Ann Neurol 2003 Feb;53(2):189-97
Tejada-Simon MV, Zang YC, Hong J, Rivera VM, Zhang JZ.
Multiple Sclerosis Research Unit, Department of Neurology and Baylor Multiple Sclerosis Center, Baylor College of Medicine, Houston, TX.
Viral infections are though to play an important role in the pathogenesis of multiple sclerosis (MS) potentially through molecular mimicry.
An identical sequence was found in both myelin basic protein (MBP, residues 96-102), a candidate autoantigen for MS, and human herpesvirus-6 (HHV-6 U24, residues 4-10) that is a suspected viral agent associated with MS.
In this study, we showed that greater than 50% of T cells recognizing MBP(93-105) cross-reacted with and could be activated by a synthetic peptide corresponding to residues 1 to 13 of HHV-6 U24 in MS patients.
The estimated precursor frequency of these cross-reactive T cells recognizing both peptides, MBP(93-105) and HHV-6 (U24)(1-13), was significantly elevated in MS patients compared with that in healthy controls.

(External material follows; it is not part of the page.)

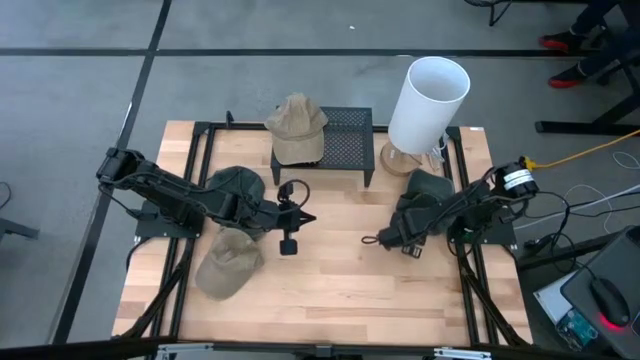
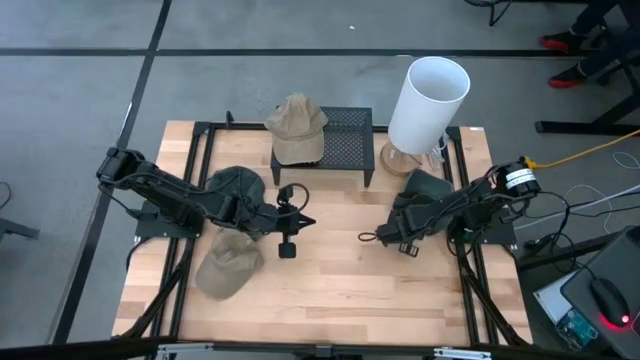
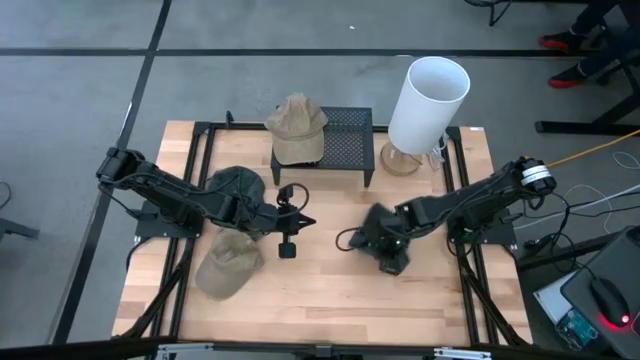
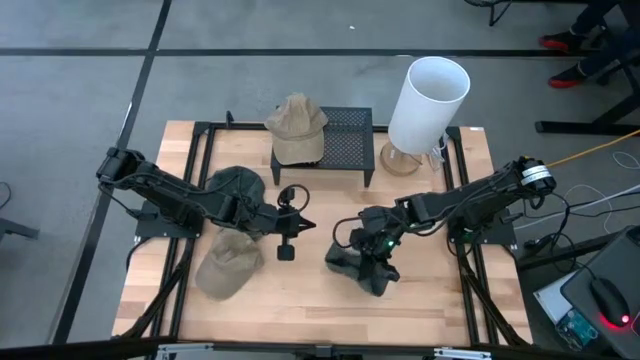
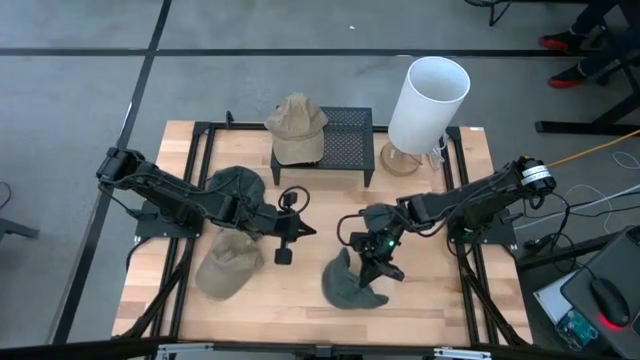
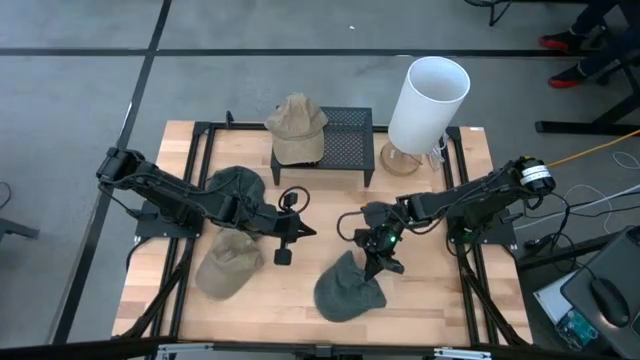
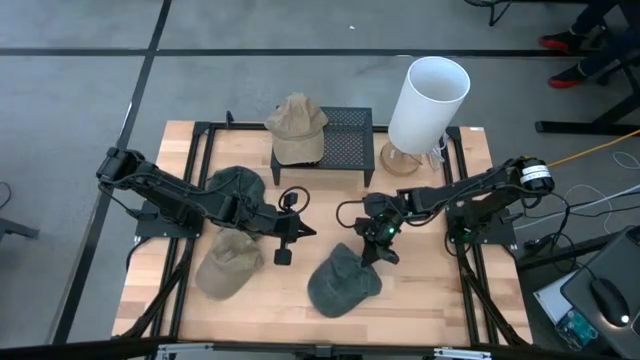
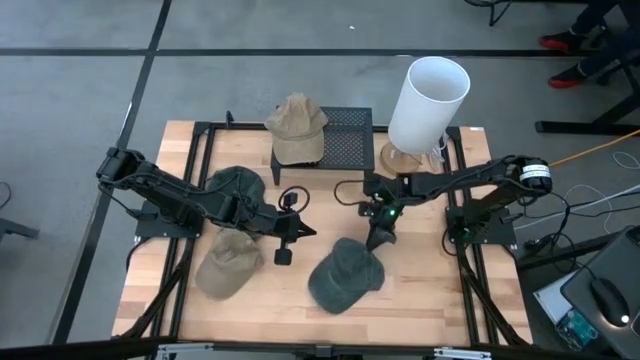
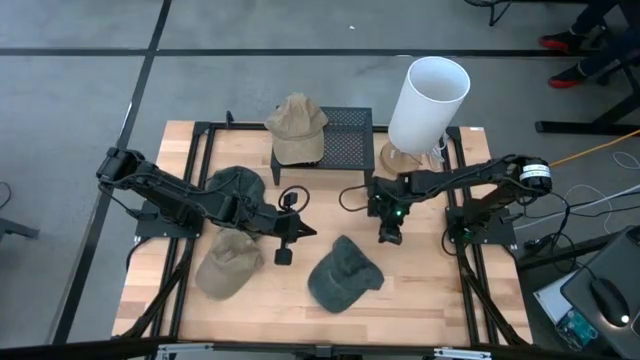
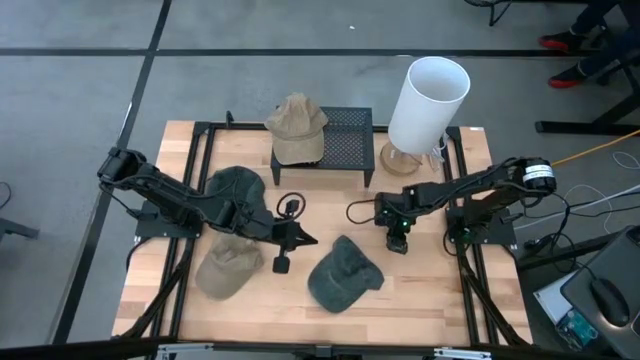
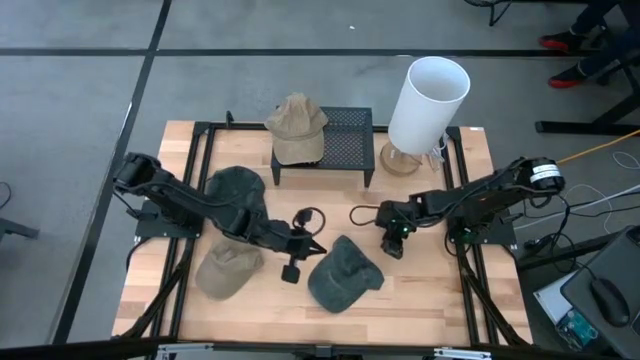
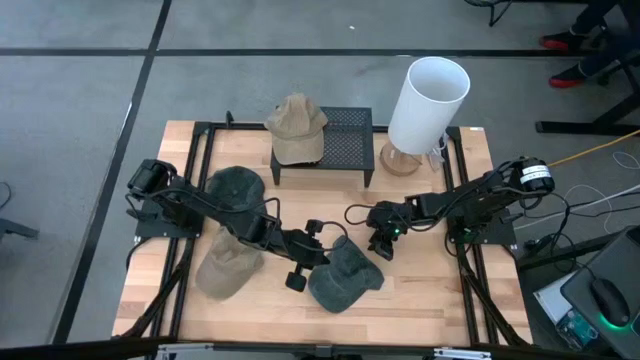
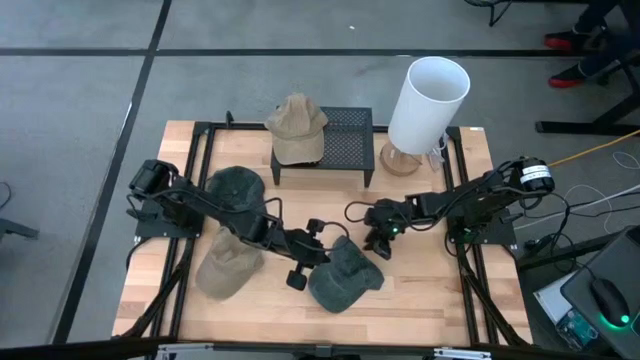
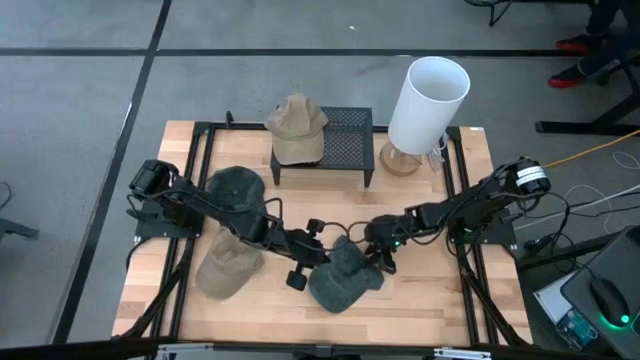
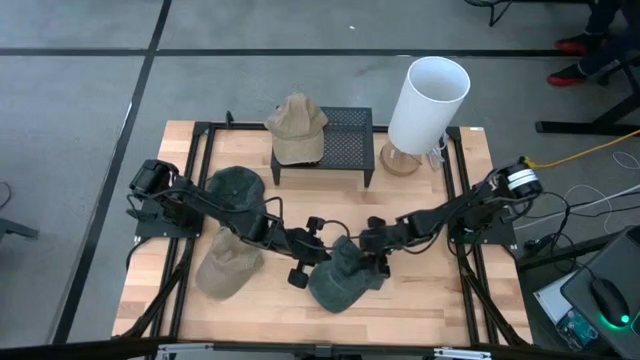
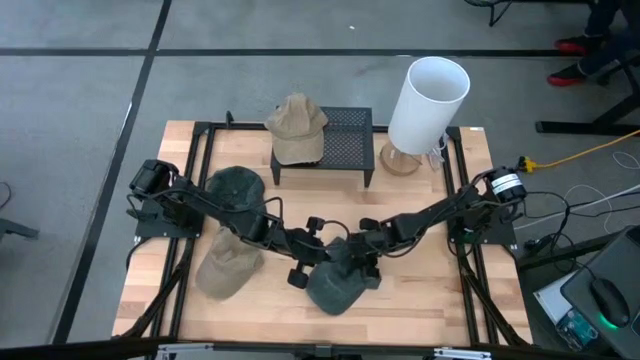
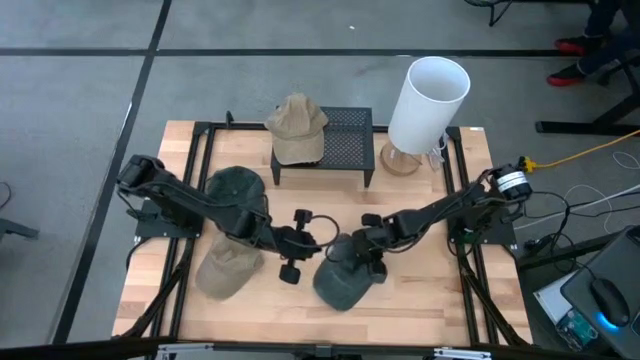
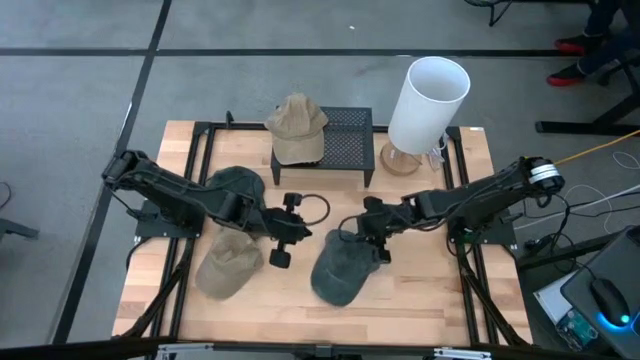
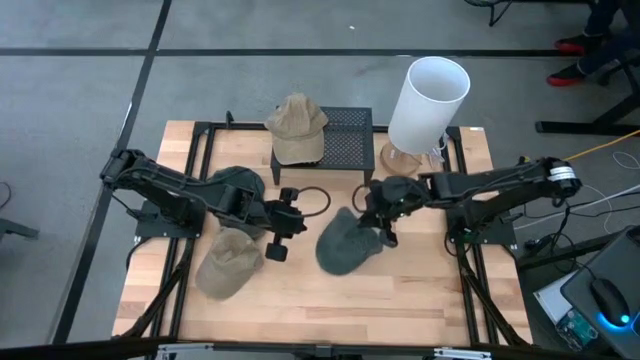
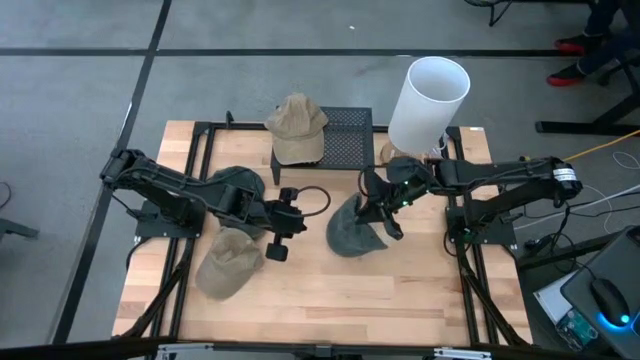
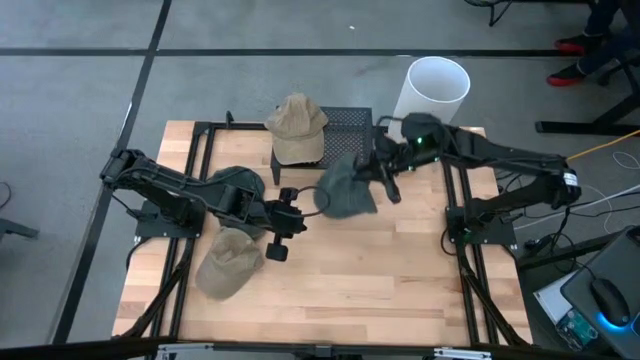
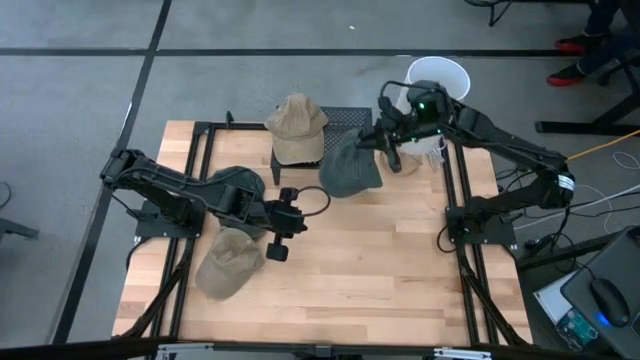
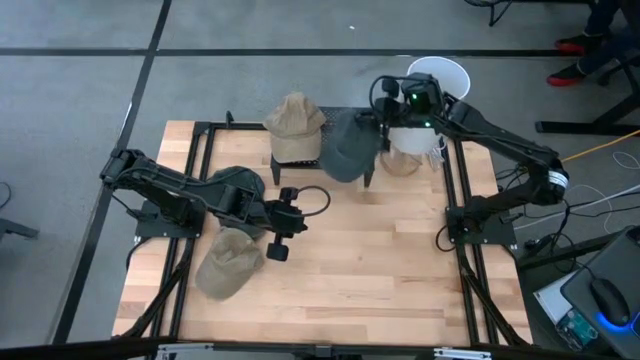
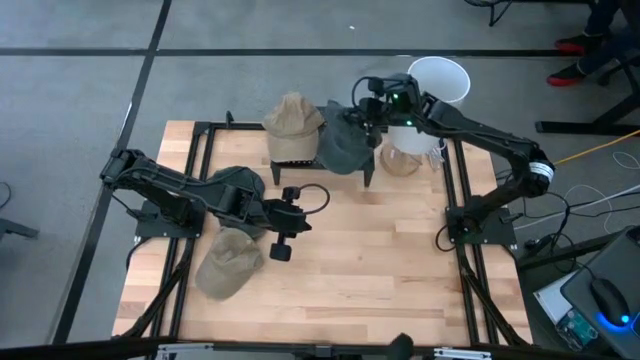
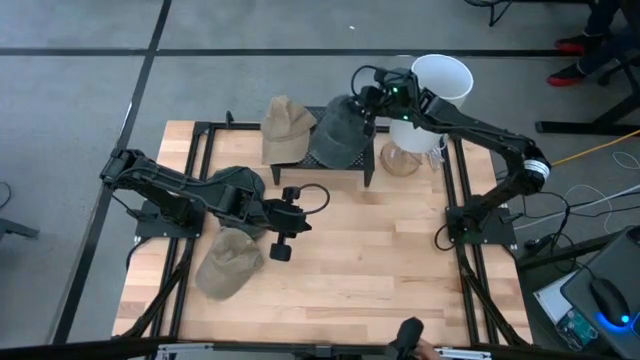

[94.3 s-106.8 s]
Task: Pick & Place hat
Put the right dark green cap on the shelf

These cross-reactive CD4+ T cells represented the same Th1 phenotype as that of monospecific T cells recognizing MBP(93-105).
There were increased antibody titers for both peptide HHV-6 (U24)(1-13) and peptide MBP(93-105) in the same patients with MS compared with those in healthy controls, suggesting B-cell sensitization to the antigens in MS patients.
The study provides important evidence in the understanding of the potential role of HHV-6 infection/reactivation in the activation of autoimmune reactivity to MBP and its implication in the pathogenesis of MS.